Buzz Meeks miraba desde el pasaje que había frente a las oficinas ejecutivas de Variety International Pictures: tres pisos, un panorama de balcón. Recordaba que había machacado cabezas sindicales en los años 30; evaluó a los Transportistas y a los de la UAES y calculó un enfrentamiento comparable al de Louis y Schmeling Número Dos.
Fácil: los Transportistas eran tiburones y los UAES eran pececillos. El piquete de los Transportistas tenía a gente de Mickey Cohen, matones sindicales contratados en sórdidas agencias; los UAES eran izquierdistas veteranos, tramoyistas no tan jóvenes, mexicanos enclenques y una mujer. Si llegaban a las manos, sin cámaras presentes, los Transportistas empuñarían los palos como arietes y atacarían, atacarían con manoplas metálicas: sangre, dientes y cartílago nasal en la acera, tal vez unas cuantas orejas arrancadas. Después, a largarse antes de que el deslucido Escuadrón Antidisturbios llegara al lugar. Fácil.
Buzz miró el reloj: las cinco menos cuarto. Howard Hughes llevaba cuarenta y cinco minutos de retraso. Era un fresco día de enero, y los nubarrones ocultaban el cielo sobre Hollywood Hills. En invierno Howard se ponía en celo y quizá quisiera enviarle en busca de hembras: Schwab's Drugstore, las pequeñas casas sobrantes de la Fox y la Universal, instantáneas de muchachas bien provistas desnudas de cintura para arriba. El sí o el no de su majestad, luego contratos estándar para las aprobadas: papeles menores en películas baratas de la RKO a cambio de vivienda y comida en las guaridas de Hughes Enterprises, y frecuentes visitas nocturnas del Hombre en persona.

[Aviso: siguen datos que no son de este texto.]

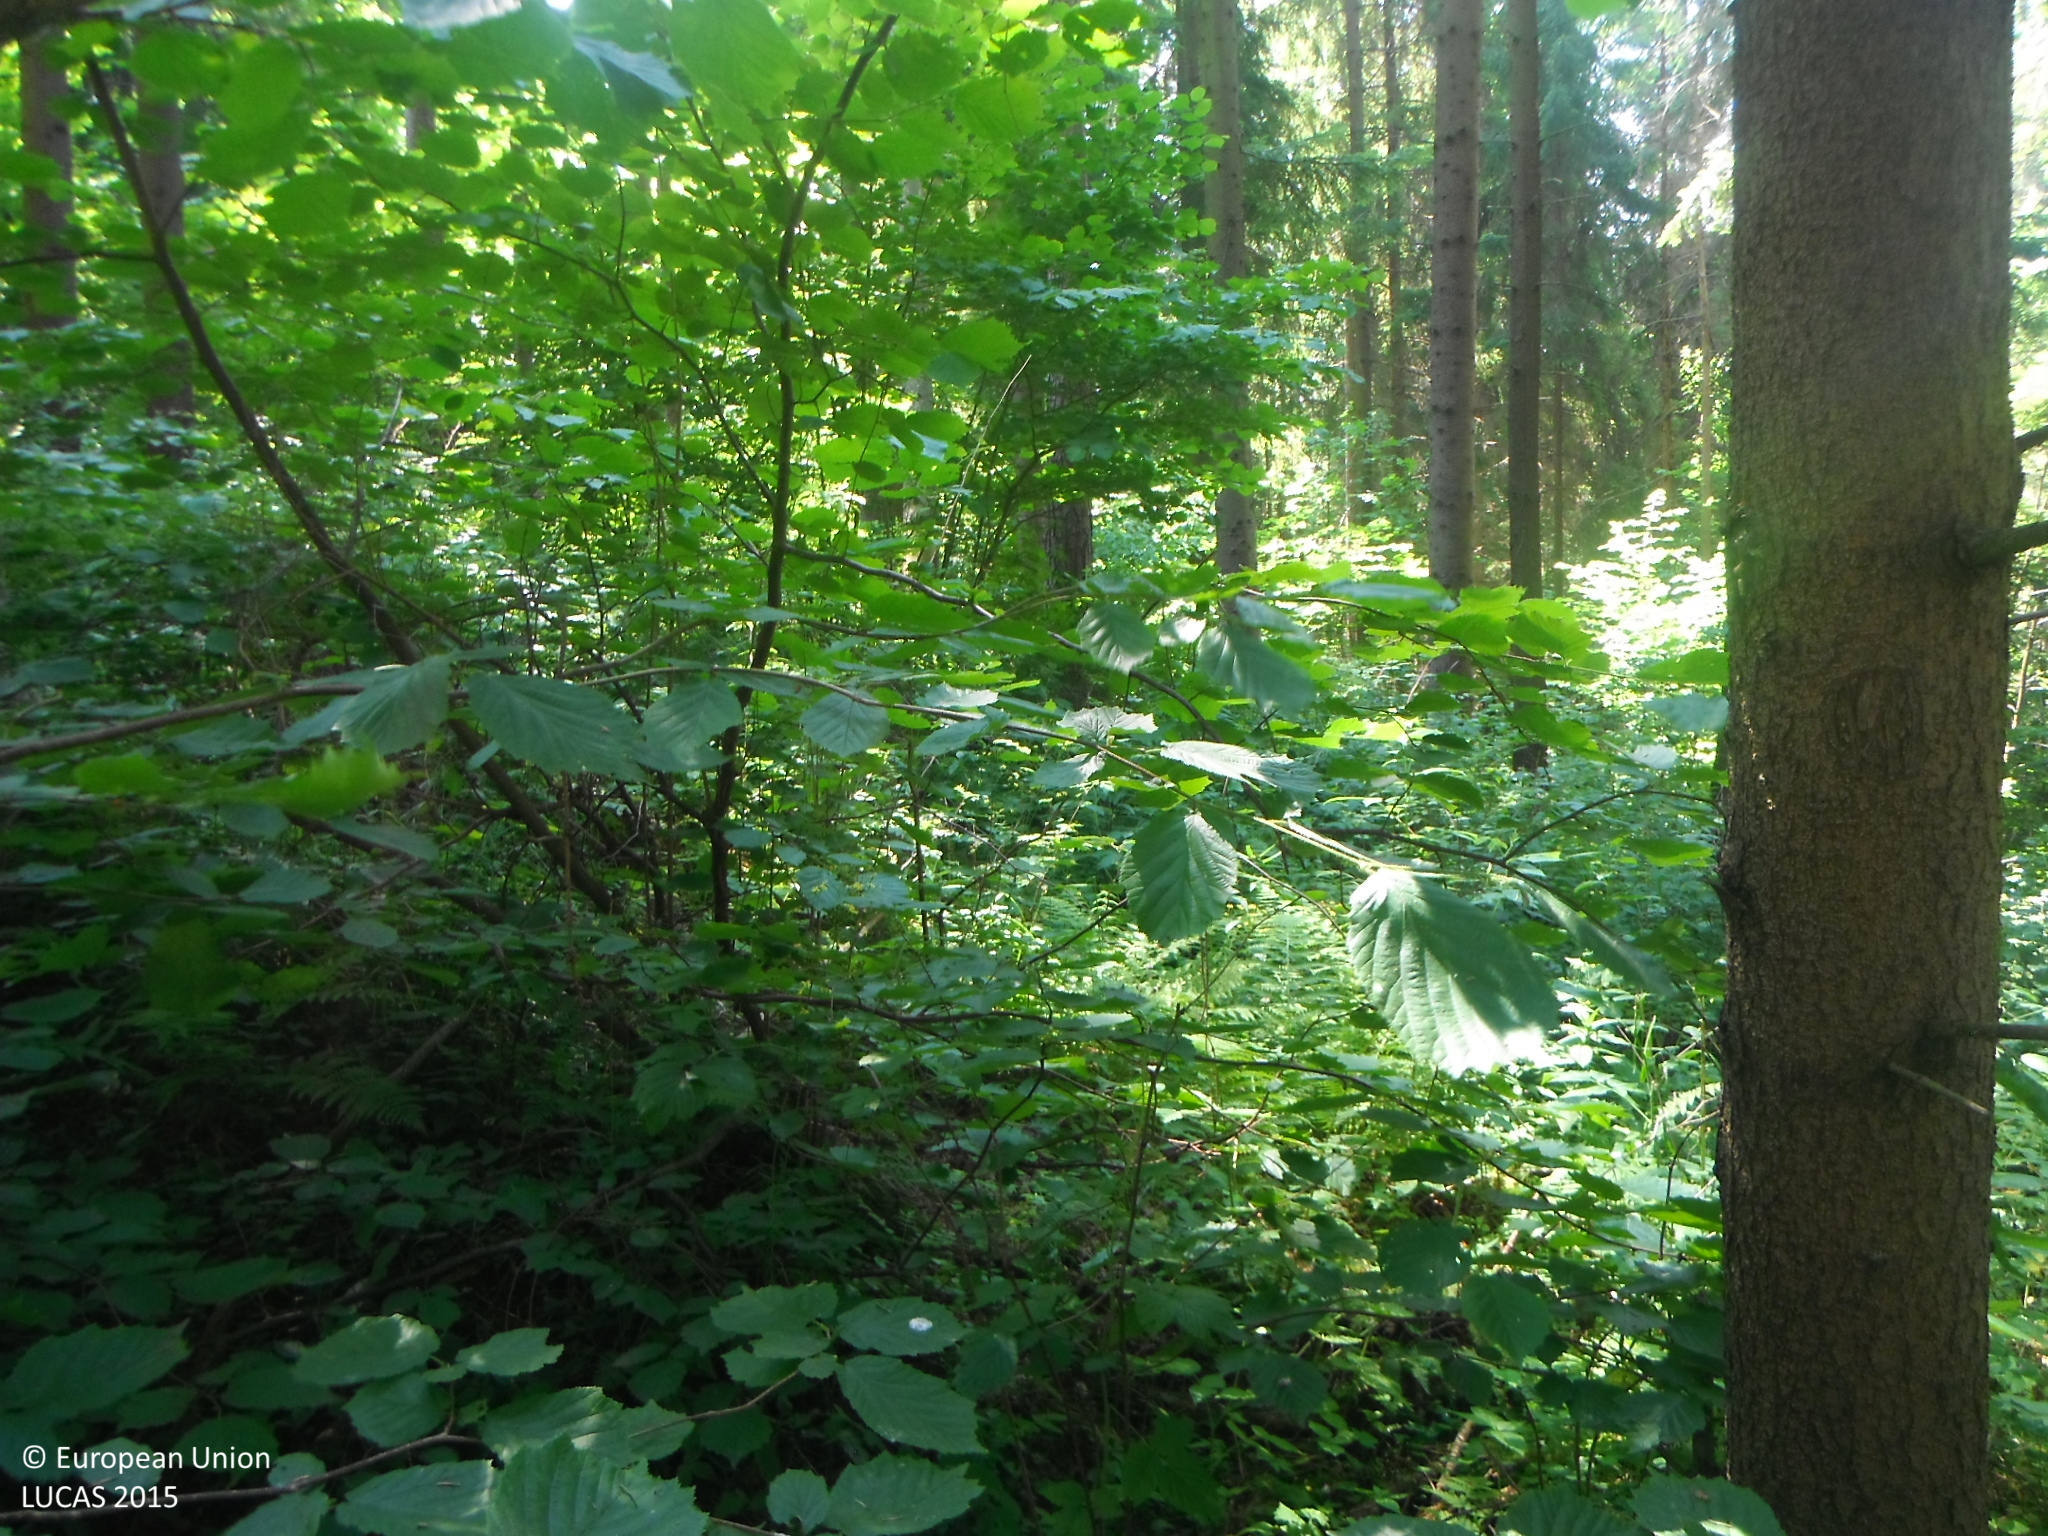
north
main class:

Esperaba que hubiera alguna bonificación: aún estaba en deuda con un corredor de apuestas llamado Leotis Dineen, un energúmeno que odiaba a la gente de Oklahoma más que a la peste.
Buzz oyó el ruido de una puerta.
—El señor Hughes lo verá ahora, señor Meeks —declaró una voz de mujer.

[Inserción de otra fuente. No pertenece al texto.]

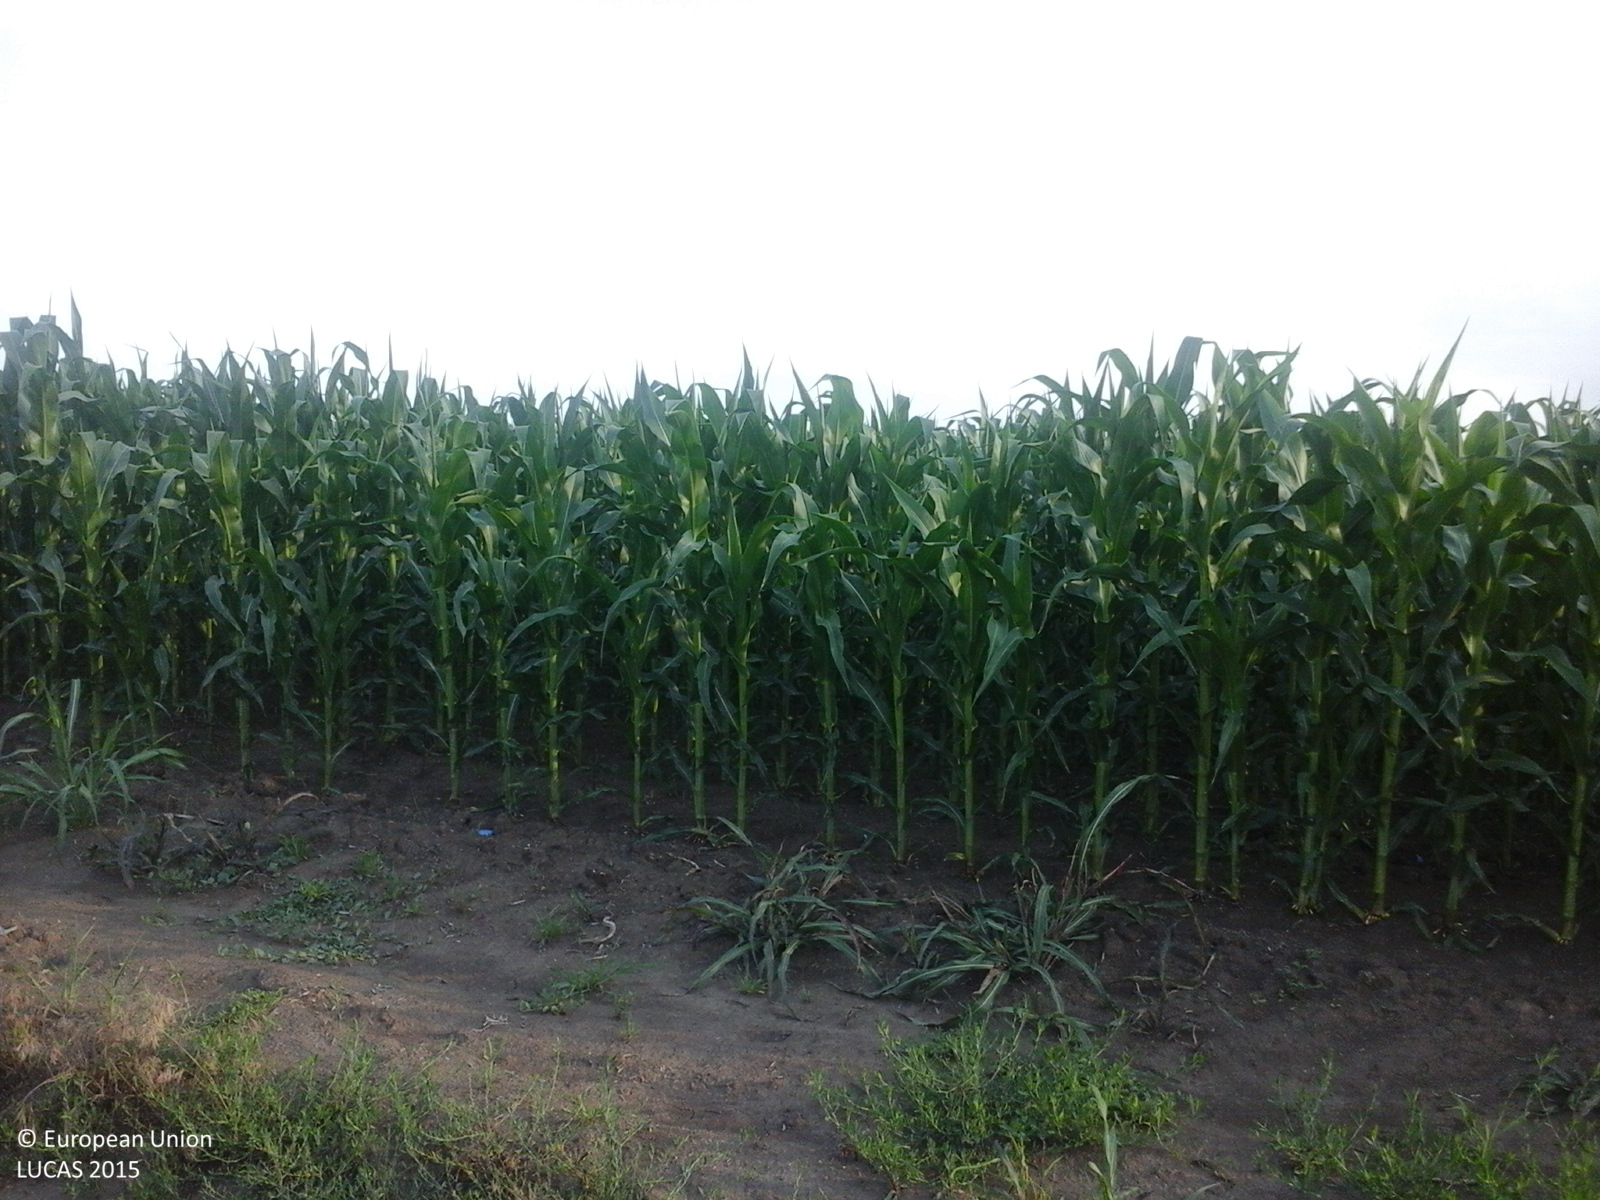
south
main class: Cropland
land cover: Common wheat
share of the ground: > 75 %
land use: Agriculture (excluding fallow land and kitchen gardens)
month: July
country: RO
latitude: 43.7318
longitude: 25.5925

La mujer había asomado la cabeza por la puerta de Herman Gerstein; si el jefe de Variety International estaba involucrado, quizás hubiera alguna gratificación. Buzz entró; Hughes estaba sentado detrás del escritorio de Gerstein, contemplando las fotos de las paredes: chicas ligeras de ropa, actrices de Gower Gulch sin futuro. Como de costumbre, Howard vestía un traje a rayas y exhibía sus cicatrices habituales: heridas faciales de su último accidente aéreo. El gran hombre se las cuidaba con loción humectante. Pensaba que le daban un aire distinguido.
Herman Gerstein no estaba, ni la secretaria de Gerstein. Buzz obvió las formalidades que Hughes exigía cuando había otras personas presentes.
—¿Cómo te tratan las mujeres, Howard?
Hughes señaló la silla.
—Tú eres mi sabueso, así que deberías saberlo. Siéntate, Buzz. Esto es importante.
Buzz se sentó y abarcó la oficina entera con un ademán: fotos de mujeres, tapicerías rococó, un perchero con forma de armadura.
—¿Por qué aquí, jefe? ¿Tiene Herman un trabajo para mí?
Hughes pasó la pregunta por alto.
—Buzz, ¿cuánto hace que somos colegas?
—Hará unos cinco años, Howard.
—¿Y has trabajado para mí en diversos puestos?
Buzz pensó: intermediario, recaudador, chulo.
—En efecto.
—¿Y durante esos años te he dado lucrativas referencias para otras personas que necesitaban tu talento?
—Desde luego.
Hughes amartilló ambas manos como revólveres. Los pulgares eran los percutores.